Apache Pig is an execution engine that is used to process large data flow in parallel on Hadoop. Pig has two components the first component is the Pig Latin which is the language, and the second is the runtime environment where Pig Latin programs are executed. Pig Latin provides various operators such as sort, join, filter to perform various operations also provides the facility for the user to develop their custom functions for reading, processing, and writing data.

In Pig Latin a user can write a program to perform a particular task and execute those programs using Grunt Shell, UDFs, or Embedded execution mechanisms. Internally Pig framework converts the Pig Latin language into a MapReduce task and performs data processing.

The following is the architecture of Apache Pig.


pig architecture


Apache Pig Components

Apache Pig process Latin programs through multiple layers.

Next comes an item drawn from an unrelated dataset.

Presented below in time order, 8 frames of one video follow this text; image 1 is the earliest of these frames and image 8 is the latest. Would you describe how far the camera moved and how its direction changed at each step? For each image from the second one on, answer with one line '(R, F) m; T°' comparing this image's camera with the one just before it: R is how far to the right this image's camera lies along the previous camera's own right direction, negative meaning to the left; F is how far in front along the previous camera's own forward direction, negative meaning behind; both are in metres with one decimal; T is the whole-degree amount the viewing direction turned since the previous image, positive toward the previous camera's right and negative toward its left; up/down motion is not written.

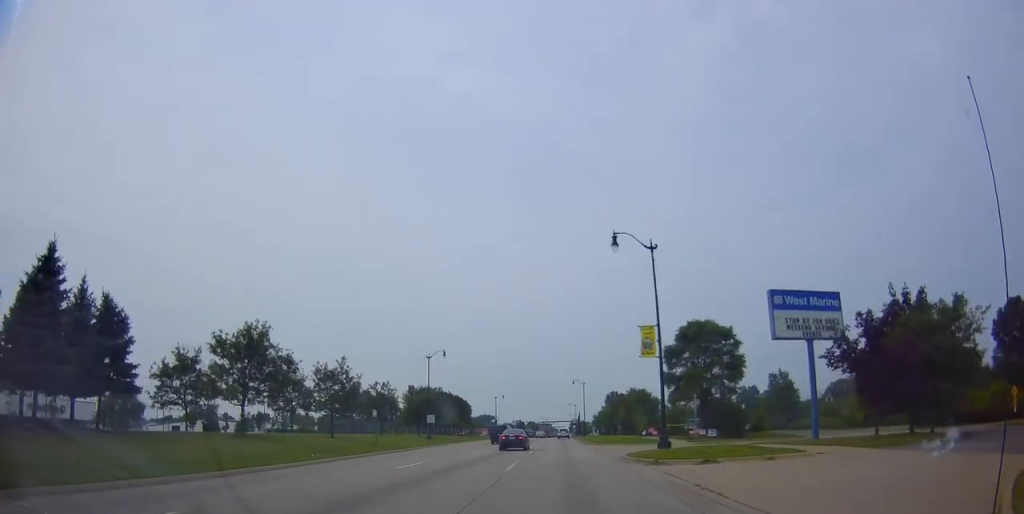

The following are the component of Apache Pig.

Parser

When a user submits a program, it is initially received by the parser, now the parser performs a syntax check and type checks. Once it performs this activity the output is created a DAG which contains Pig Latin statements and logical operators.

Optimizer

In the optimization phase, the DAG is pushed to a logical optimizer that carries out logical optimizations such as projection and pushdown.

Compiler

In the compiler phase, the complication of the optimized logical plan is done into small Mapreduce jobs and passed to the execution engine.

Execution Engine

This is the final step in which Mapreduce jobs are submitted to Hadoop for execution. After completion of execution, it sends the desired data to the user.


Apache Pig Mode

The following are three interaction modes allowed by Apache Pig.

1. Interactive Mode

In this mode of Apache Pig Interaction, the user uses Grunt shell to run Pig commands. The processing and complication are started when the user submits the STORE command.

2. Batch Mode

In this mode of Apache Pig interaction, a user runs a script file that contains some set of Pig command to perform some action.

3. Embedded Mode

This mode uses the Java library and the method invocation to run Apache Pig commands.